Brief: An exact copy of each line below is needed, with no images in it.

Data:
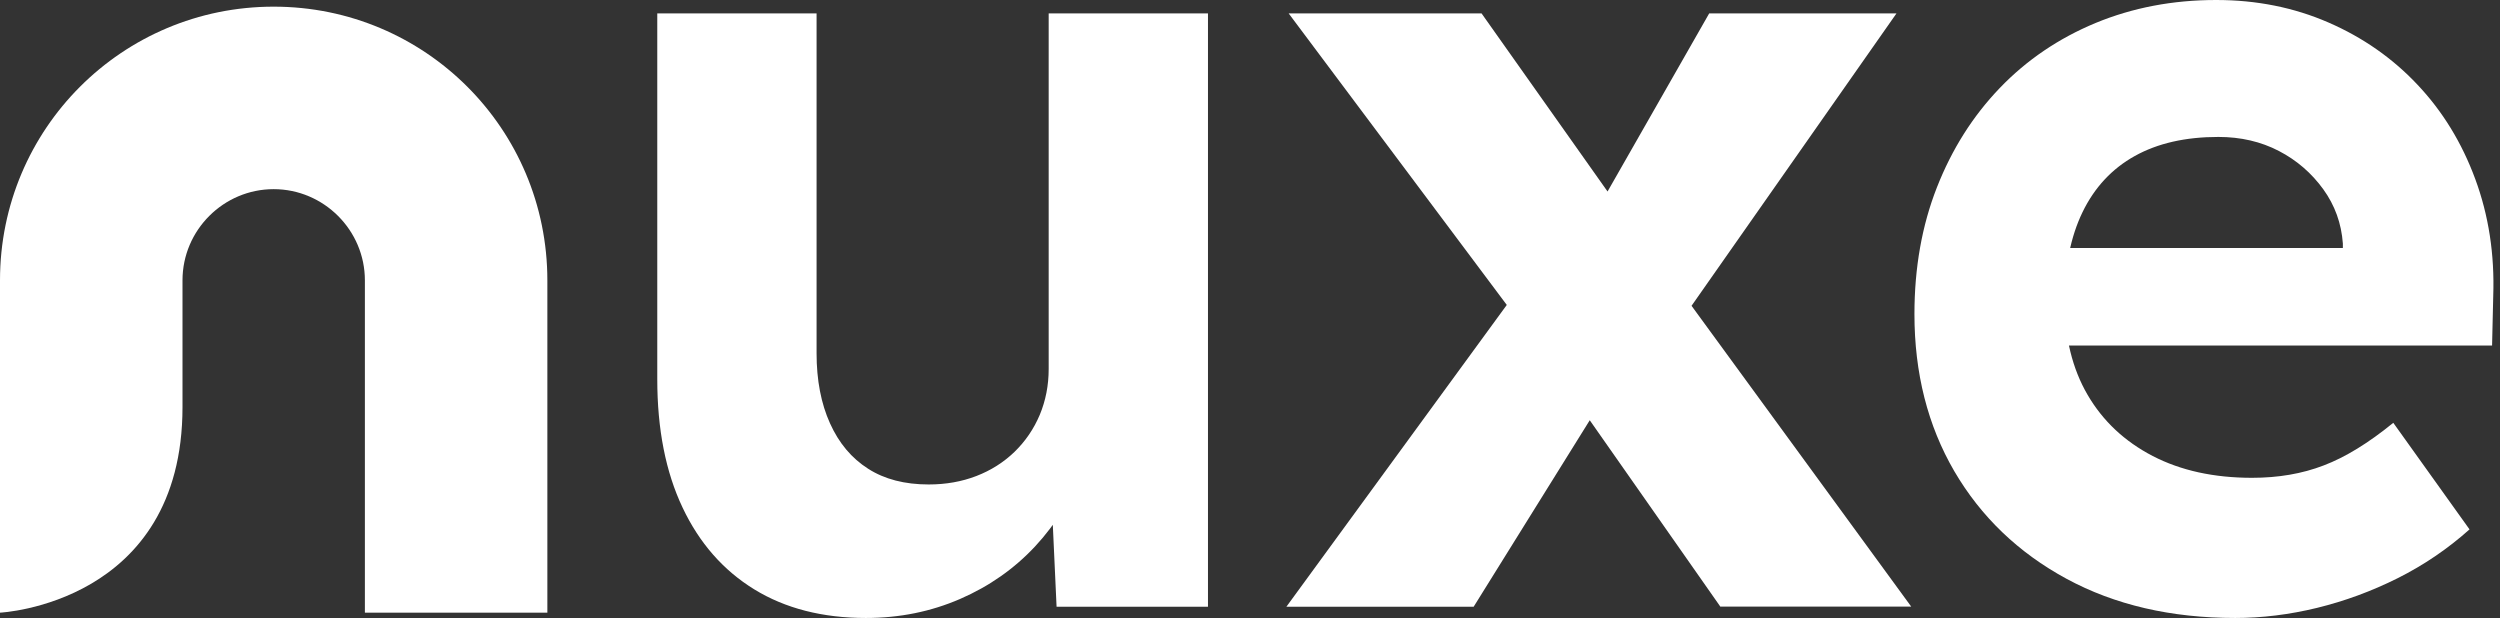 <svg width="89" height="22" viewBox="0 0 89 22" fill="none" xmlns="http://www.w3.org/2000/svg">
<rect x="0" y="0" width="89" height="22" fill="#333333" stroke="none"/>
<path d="M30.825 22C29.282 22 27.956 21.659 26.853 20.982C25.75 20.305 24.895 19.331 24.299 18.069C23.699 16.803 23.399 15.281 23.399 13.497V0.478H29.07V12.575C29.07 13.534 29.23 14.367 29.548 15.07C29.866 15.777 30.318 16.314 30.907 16.688C31.491 17.062 32.21 17.247 33.061 17.247C33.672 17.247 34.238 17.147 34.757 16.947C35.275 16.747 35.726 16.462 36.115 16.088C36.5 15.714 36.8 15.277 37.015 14.77C37.226 14.263 37.333 13.719 37.333 13.134V0.478H43.004V21.6H37.614L37.414 17.247L38.451 16.769C38.133 17.754 37.599 18.646 36.855 19.446C36.111 20.245 35.219 20.871 34.179 21.323C33.139 21.774 32.025 22 30.825 22Z" fill="white"/>
<path d="M45.795 21.6L54.221 10.062L57.334 13.774L52.462 21.6H45.795ZM61.247 21.6L56.016 14.134L54.421 11.898L45.877 0.478H52.744L57.856 7.704L59.614 10.058L68.04 21.596H61.251L61.247 21.6ZM59.37 12.098L56.334 8.385L60.847 0.478H67.514L59.37 12.098Z" fill="white"/>
<path d="M79.575 22C77.283 22 75.284 21.534 73.567 20.604C71.849 19.672 70.52 18.394 69.572 16.773C68.628 15.152 68.154 13.286 68.154 11.183C68.154 9.532 68.421 8.029 68.954 6.671C69.487 5.312 70.231 4.135 71.19 3.135C72.149 2.136 73.285 1.366 74.603 0.818C75.921 0.274 77.35 0 78.897 0C80.334 0 81.666 0.267 82.891 0.8C84.117 1.333 85.172 2.069 86.064 3.017C86.956 3.961 87.641 5.079 88.118 6.371C88.596 7.663 88.811 9.055 88.759 10.543L88.718 12.301H71.749L70.831 8.829H84.046L83.406 9.547V8.67C83.354 7.952 83.121 7.307 82.706 6.734C82.292 6.164 81.77 5.708 81.129 5.375C80.489 5.042 79.771 4.875 78.975 4.875C77.801 4.875 76.813 5.101 75.999 5.553C75.188 6.004 74.566 6.671 74.14 7.548C73.715 8.425 73.5 9.492 73.5 10.743C73.5 11.994 73.774 13.127 74.318 14.056C74.862 14.989 75.636 15.714 76.635 16.233C77.635 16.751 78.812 17.01 80.171 17.01C81.103 17.01 81.955 16.866 82.725 16.569C83.495 16.277 84.32 15.77 85.201 15.052L87.915 18.846C87.141 19.538 86.29 20.116 85.361 20.582C84.428 21.049 83.469 21.4 82.484 21.641C81.5 21.881 80.526 22 79.571 22H79.575Z" fill="white"/>
<path d="M19.486 21.811V9.98C19.486 4.587 15.133 0.237 9.743 0.237C4.353 0.237 0 4.587 0 9.98V21.811C0 21.811 6.497 21.5 6.497 14.493C6.497 7.485 6.497 9.98 6.497 9.98C6.497 8.192 7.959 6.734 9.743 6.734C11.527 6.734 12.99 8.196 12.99 9.98V21.811H19.486Z" fill="white"/>
</svg>

Task solution:
 <svg width="89" height="22" viewBox="0 0 89 22" fill="none" xmlns="http://www.w3.org/2000/svg">
<rect x="0" y="0" width="89" height="22" fill="#333333" stroke="none"/>
<path d="M30.825 22C29.282 22 27.956 21.659 26.853 20.982C25.75 20.305 24.895 19.331 24.299 18.069C23.699 16.803 23.399 15.281 23.399 13.497V0.478H29.07V12.575C29.07 13.534 29.23 14.367 29.548 15.07C29.866 15.777 30.318 16.314 30.907 16.688C31.491 17.062 32.21 17.247 33.061 17.247C33.672 17.247 34.238 17.147 34.757 16.947C35.275 16.747 35.726 16.462 36.115 16.088C36.5 15.714 36.8 15.277 37.015 14.77C37.226 14.263 37.333 13.719 37.333 13.134V0.478H43.004V21.6H37.614L37.414 17.247L38.451 16.769C38.133 17.754 37.599 18.646 36.855 19.446C36.111 20.245 35.219 20.871 34.179 21.323C33.139 21.774 32.025 22 30.825 22Z" fill="white"/>
<path d="M45.795 21.6L54.221 10.062L57.334 13.774L52.462 21.6H45.795ZM61.247 21.6L56.016 14.134L54.421 11.898L45.877 0.478H52.744L57.856 7.704L59.614 10.058L68.04 21.596H61.251L61.247 21.6ZM59.37 12.098L56.334 8.385L60.847 0.478H67.514L59.37 12.098Z" fill="white"/>
<path d="M79.575 22C77.283 22 75.284 21.534 73.567 20.604C71.849 19.672 70.52 18.394 69.572 16.773C68.628 15.152 68.154 13.286 68.154 11.183C68.154 9.532 68.421 8.029 68.954 6.671C69.487 5.312 70.231 4.135 71.19 3.135C72.149 2.136 73.285 1.366 74.603 0.818C75.921 0.274 77.35 0 78.897 0C80.334 0 81.666 0.267 82.891 0.8C84.117 1.333 85.172 2.069 86.064 3.017C86.956 3.961 87.641 5.079 88.118 6.371C88.596 7.663 88.811 9.055 88.759 10.543L88.718 12.301H71.749L70.831 8.829H84.046L83.406 9.547V8.67C83.354 7.952 83.121 7.307 82.706 6.734C82.292 6.164 81.77 5.708 81.129 5.375C80.489 5.042 79.771 4.875 78.975 4.875C77.801 4.875 76.813 5.101 75.999 5.553C75.188 6.004 74.566 6.671 74.14 7.548C73.715 8.425 73.5 9.492 73.5 10.743C73.5 11.994 73.774 13.127 74.318 14.056C74.862 14.989 75.636 15.714 76.635 16.233C77.635 16.751 78.812 17.01 80.171 17.01C81.103 17.01 81.955 16.866 82.725 16.569C83.495 16.277 84.32 15.77 85.201 15.052L87.915 18.846C87.141 19.538 86.29 20.116 85.361 20.582C84.428 21.049 83.469 21.4 82.484 21.641C81.5 21.881 80.526 22 79.571 22H79.575Z" fill="white"/>
<path d="M19.486 21.811V9.98C19.486 4.587 15.133 0.237 9.743 0.237C4.353 0.237 0 4.587 0 9.98V21.811C0 21.811 6.497 21.5 6.497 14.493C6.497 7.485 6.497 9.98 6.497 9.98C6.497 8.192 7.959 6.734 9.743 6.734C11.527 6.734 12.99 8.196 12.99 9.98V21.811H19.486Z" fill="white"/>
</svg>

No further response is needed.